▶ [Exercise goal] Using the data below, report how many lines hold the word "spacing". Include nothing else in the reply.

───── Entries provided ─────

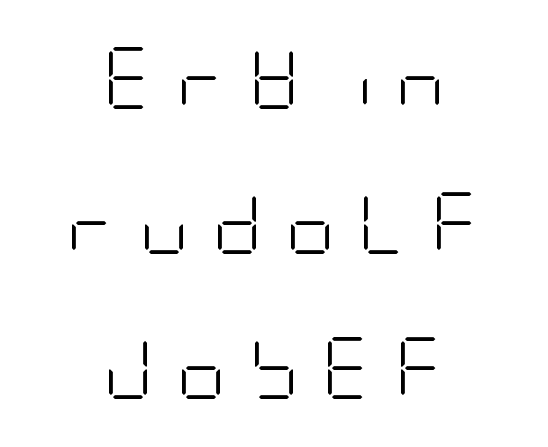
Q: Is the text bold? A: No.
Q: Is the text italic (slanted)? A: No, it is upright.
Q: Is the typeface a serif or a sans-serif typeface? A: Sans-serif.
Q: Is the text underlined? A: No.
Q: How is the paragraph aligned? A: Centered.
Q: Is the spacing between letters normal or unusually wide? A: Unusually wide.
Q: Is the spacing between lines tight, normal or loose? A: Loose.
Q: Width (condensed, normal, or wide)? A: Condensed.
Q: Stroke contrast? A: Low.
Q: x-height? A: Large.

─────

▶ [Reply to the exercise] 2